Midnight at the Casa Luna
- Genre: Comedy drama
- Running time: 2 hours 4 minutes
- Country of origin: United States
- Language(s): English
- Starring: Robert Lorick
- Written by: Thomas Lopez
- Directed by: Thomas Lopez
- Narrated by: Kirby Airs
- Recording studio: United States
- Original release: 1998/2000
- No. of episodes: 2
- Website: http://www.zbs.org/

Jack Flanders chronology
| The Mystery of Jaguar Reef (1996) | Midnight at the Casa Luna (1998 / 2000) | Return to Inverness (2000) |

= Midnight at the Casa Luna =

ZBS Foundation radio drama story

Midnight at the Casa Luna is a radio drama, produced by the ZBS Foundation. The two parts of the story were released individually in 1998 and 2000; part two has the title The Hungry Ghosts. It is the eleventh of the Jack Flanders adventure series, and combines elements of Americana and Old-time radio with metaphysical concepts such as Sufi wisdom and Tibetan Buddhism.

==Plot==
One evening Jack Flanders is wandering the streets of New York, close to his home, when he notices a tree-lined street he'd never seen before. Down this street lies an interesting looking coffee shop called The Casa Luna. Jack enters and finds himself talking to the Balinese waitress, Nani, about another Casa Luna that Jack had visited whilst in Bali. A mysterious woman, Nina, arrives and persuades Jack to come with her, leading him to a journey through the dream-like dimensions of higher realities. Along the way they are joined by Leela, an Infrit ("They don't like being called demons!") and Jack's uncle, Sir Henry Jowls from The Fourth Tower of Inverness, and try to capture a large magical green stone - the source of the dangerous and infamous Dragon Lady, Madame Zee's power.

The second part of the story finds Jack back in New York, searching in vain to find the Casa Luna again. When a strange being appears, threatening him, the Casa Luna comes to the rescue and once again he joins forces with Sir Henry Jowls and the Leela - although they are a different Sir Henry and Leela with no memory of the events in Part One. Jack persuades them to help return the green stone to the sacred city of Merkahbah - as his dreams have been telling him so to do.

==Notes & Themes==
This adventure marked a return to many of the middle-eastern and metaphysical themes missing since the earliest stories and it ends with a phone call requesting Jack to Return to Inverness. Much of the voyage in Part Two, through the land of the Hungry Ghosts, is a re-working of Jack's last journey in The Fourth Tower of Inverness.
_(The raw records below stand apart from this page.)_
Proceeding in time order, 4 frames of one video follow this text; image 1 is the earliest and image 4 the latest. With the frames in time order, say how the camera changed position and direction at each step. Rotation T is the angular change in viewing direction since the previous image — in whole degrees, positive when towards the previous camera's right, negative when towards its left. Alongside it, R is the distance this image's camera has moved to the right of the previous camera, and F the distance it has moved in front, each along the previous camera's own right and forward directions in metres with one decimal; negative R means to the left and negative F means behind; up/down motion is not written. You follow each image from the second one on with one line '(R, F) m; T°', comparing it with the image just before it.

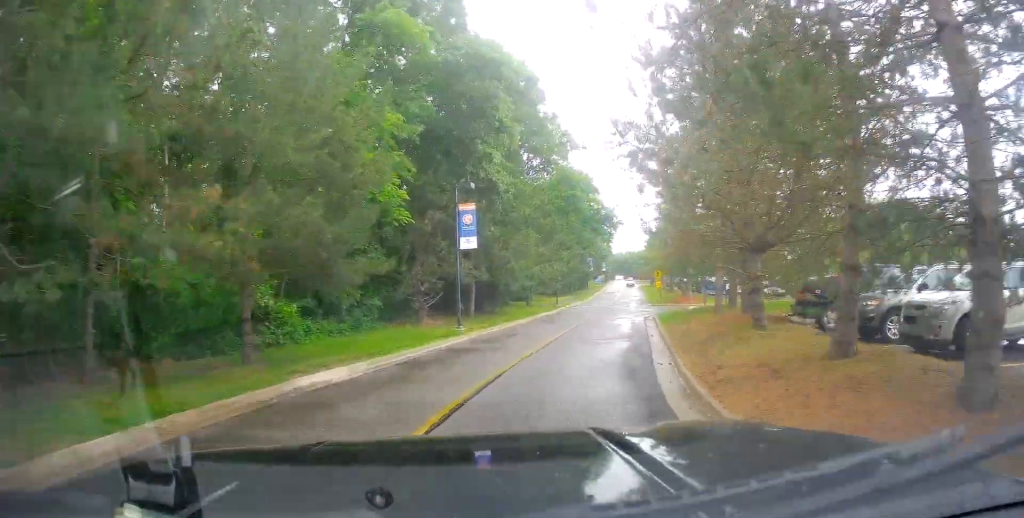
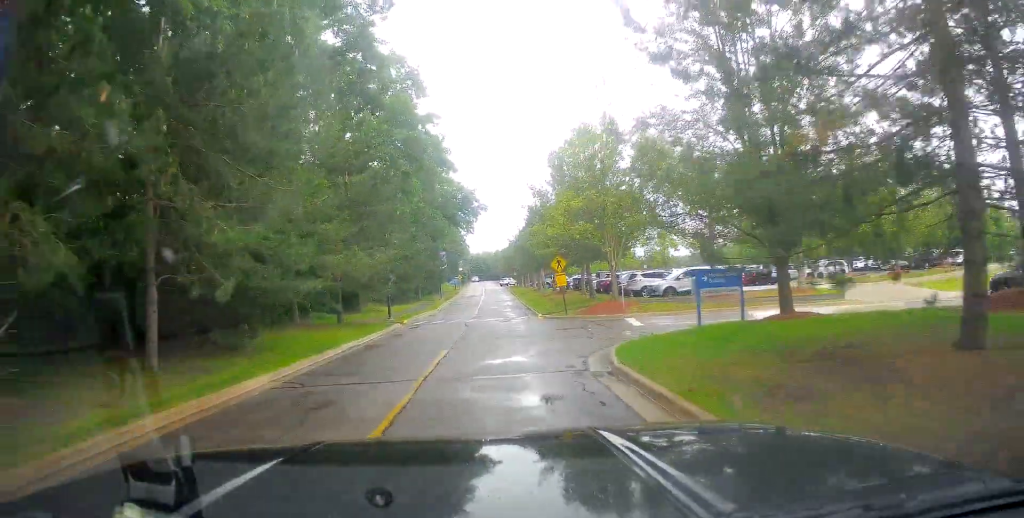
(+2.4, +20.4) m; +13°
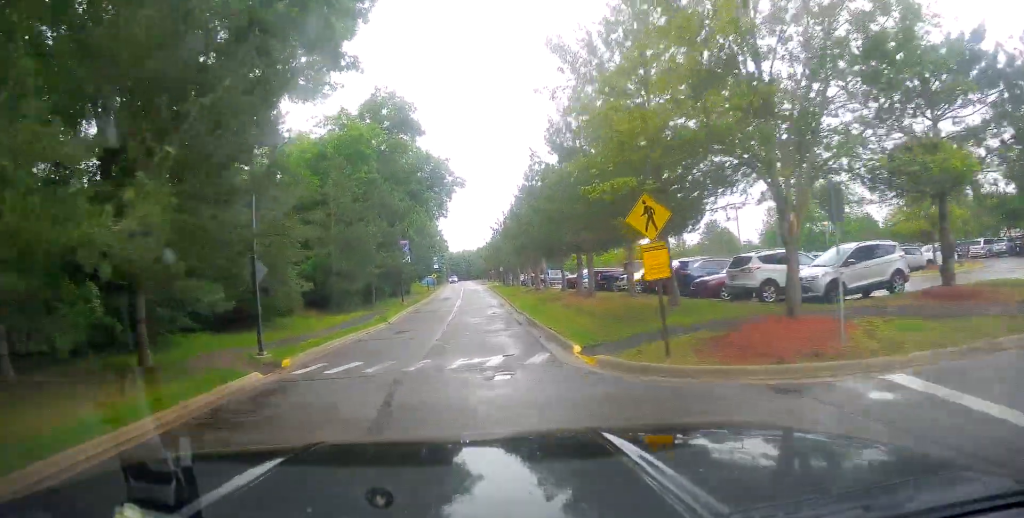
(+1.0, +17.4) m; +5°
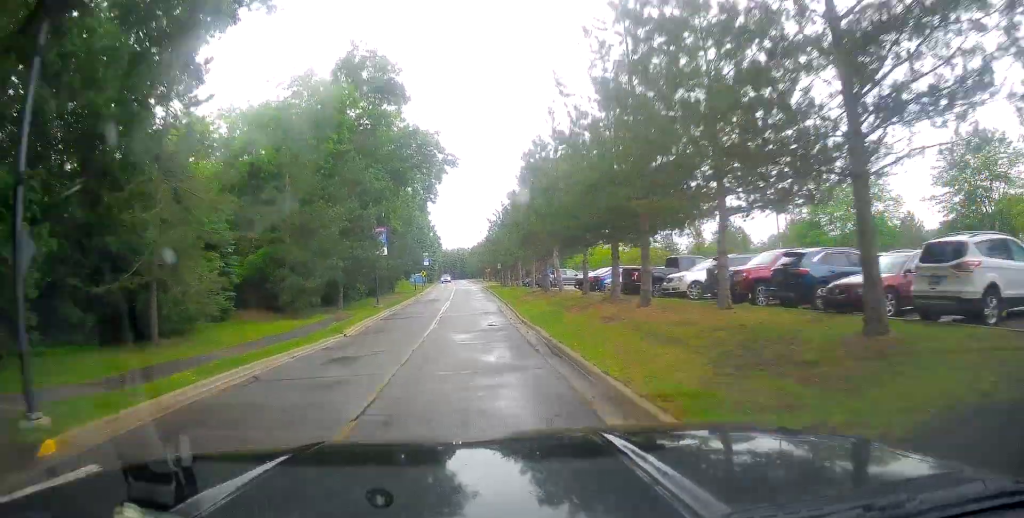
(+0.4, +9.6) m; +2°

At some point between The Ah-Ha Phenomenon - where Sir Seymour still refers to his brother as Lord Jowls - and this adventure, Lord Henry Jowls has become Sir Henry Jowls.

Sir Henry refers to Jack's previous relationship with an Infrit called Layla Oolupi which did not end well and Leela also cites this as the reason for Jack resisting her own charms. This relationship presumably occurred after the events of Moon Over Morocco where Layla appears to Jack and helps him. There was a more malevolent Oolupi who tried (and almost succeeded) in seducing Jack during his travels inside The Fourth Tower of Inverness.

There is also evidence that once again Jack is being manipulated. Sir Henry and Madame Zee, in particular, seem to be playing roles in order to push Jack in a certain direction - much as others pushed him in The Fourth Tower of Inverness.

During this story Jack is reminded of a Casa Luna cafe that he visited whilst in Ubud, Bali - i.e. during Dreams of Bali. While there is no mention of a Casa Luna in that story, there is a Nani working at the Cafe Wayan. Both Nanis are played by Pheobe Moon but there is no recognition between the characters. The Casa Luna Nani is aware of the 'other' Casa Luna in Ubud and Sir Henry mentions that the cafe exists in many locations at once.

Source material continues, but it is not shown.